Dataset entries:

————

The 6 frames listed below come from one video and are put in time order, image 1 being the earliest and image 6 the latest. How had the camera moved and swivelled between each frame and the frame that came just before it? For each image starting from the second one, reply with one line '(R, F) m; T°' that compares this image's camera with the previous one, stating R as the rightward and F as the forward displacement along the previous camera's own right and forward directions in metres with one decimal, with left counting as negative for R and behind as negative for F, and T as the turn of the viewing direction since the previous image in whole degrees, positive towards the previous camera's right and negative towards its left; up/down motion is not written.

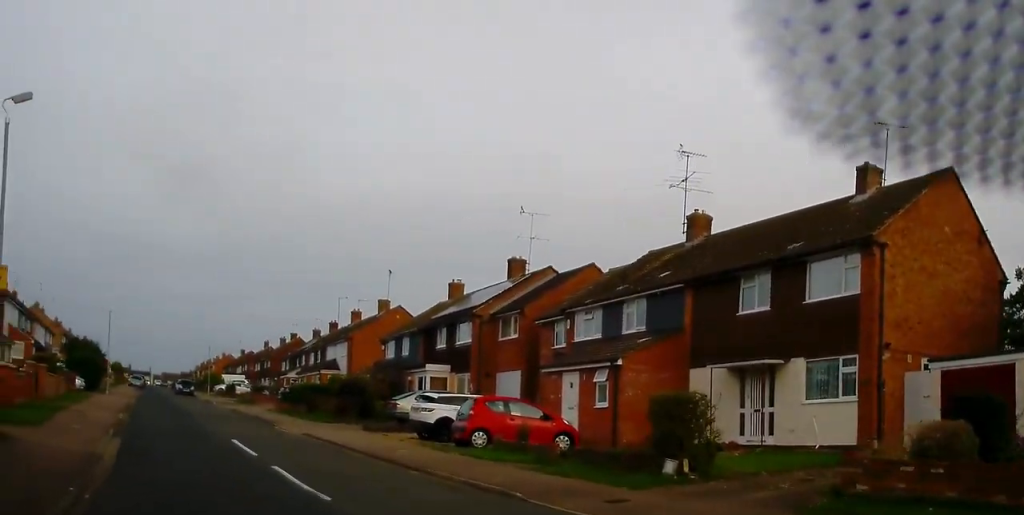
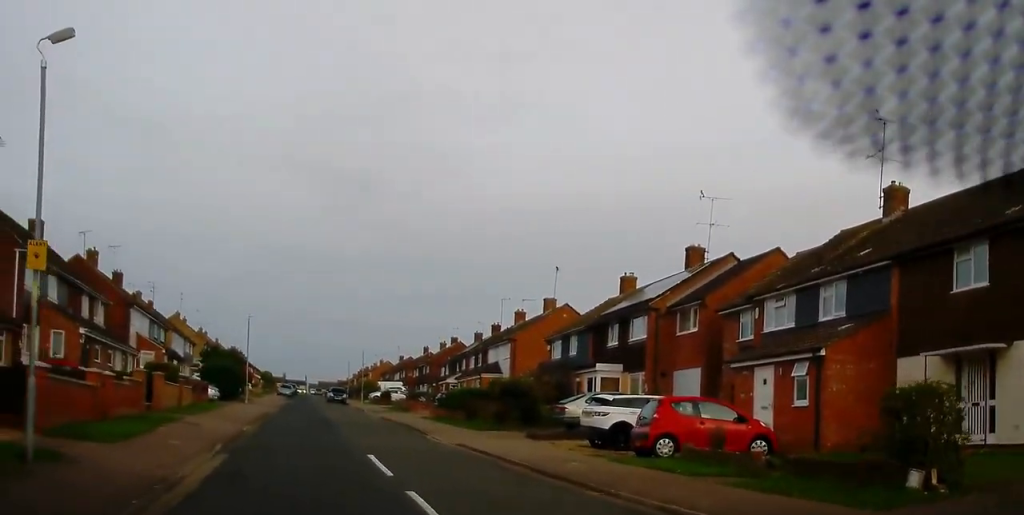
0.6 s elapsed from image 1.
(-0.3, +3.2) m; -10°
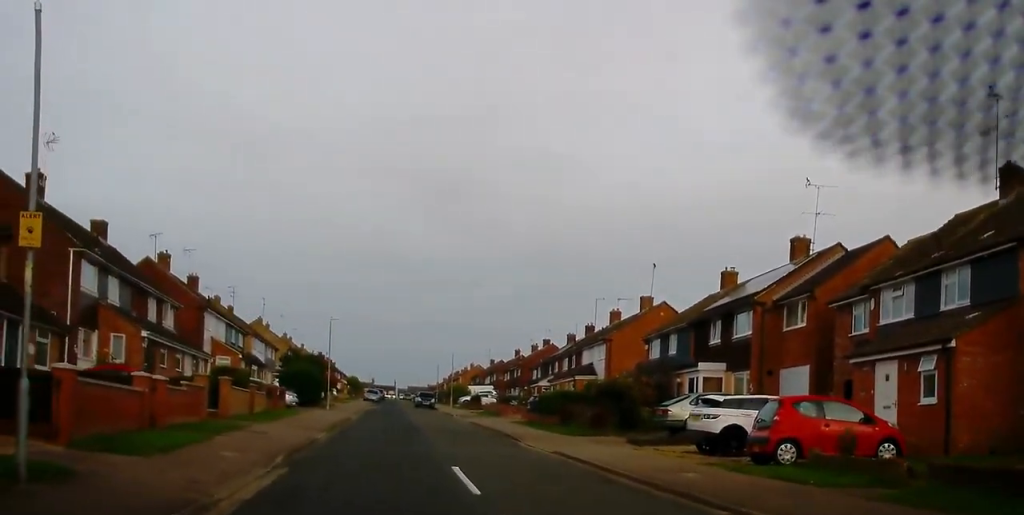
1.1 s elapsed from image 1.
(-0.1, +2.1) m; -4°
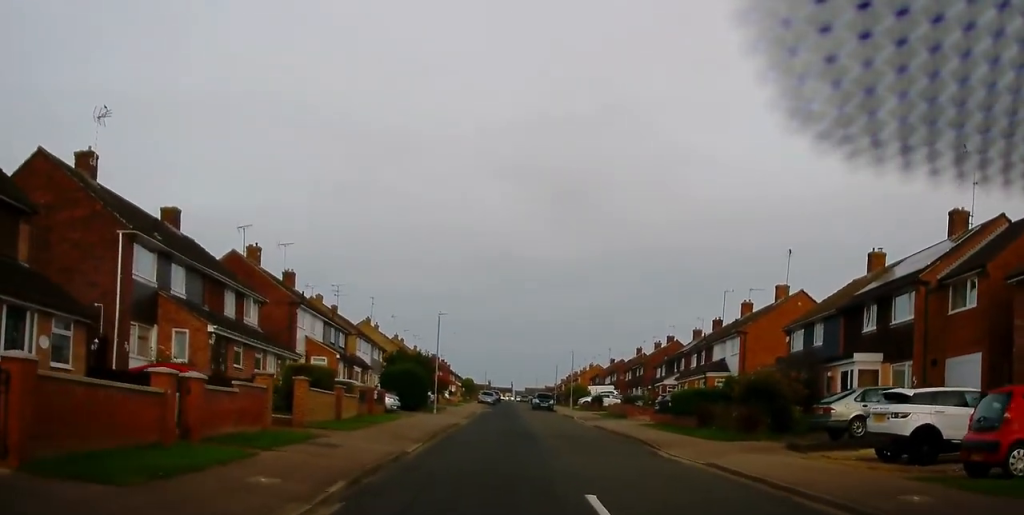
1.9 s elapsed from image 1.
(-0.2, +4.4) m; -6°
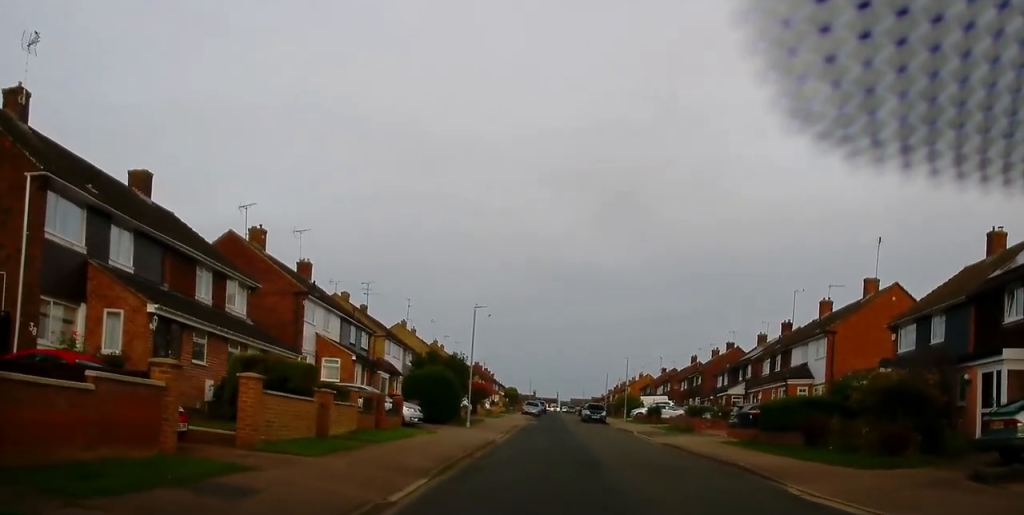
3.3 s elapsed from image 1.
(-0.5, +7.0) m; -3°
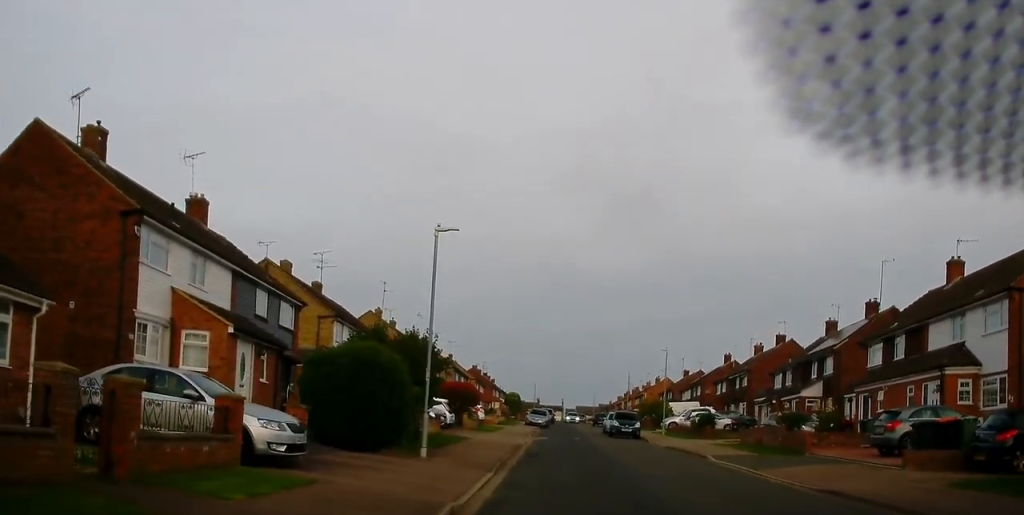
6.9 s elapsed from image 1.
(-0.6, +15.8) m; -2°

————

### [YOUR INSTRUCTIONS]
Give back the data exactly, with no images.

### [YOUR RESPONSE]
The 6 frames listed below come from one video and are put in time order, image 1 being the earliest and image 6 the latest. How had the camera moved and swivelled between each frame and the frame that came just before it? For each image starting from the second one, reply with one line '(R, F) m; T°' that compares this image's camera with the previous one, stating R as the rightward and F as the forward displacement along the previous camera's own right and forward directions in metres with one decimal, with left counting as negative for R and behind as negative for F, and T as the turn of the viewing direction since the previous image in whole degrees, positive towards the previous camera's right and negative towards its left; up/down motion is not written.

0.6 s elapsed from image 1.
(-0.3, +3.2) m; -10°
1.1 s elapsed from image 1.
(-0.1, +2.1) m; -4°
1.9 s elapsed from image 1.
(-0.2, +4.4) m; -6°
3.3 s elapsed from image 1.
(-0.5, +7.0) m; -3°
6.9 s elapsed from image 1.
(-0.6, +15.8) m; -2°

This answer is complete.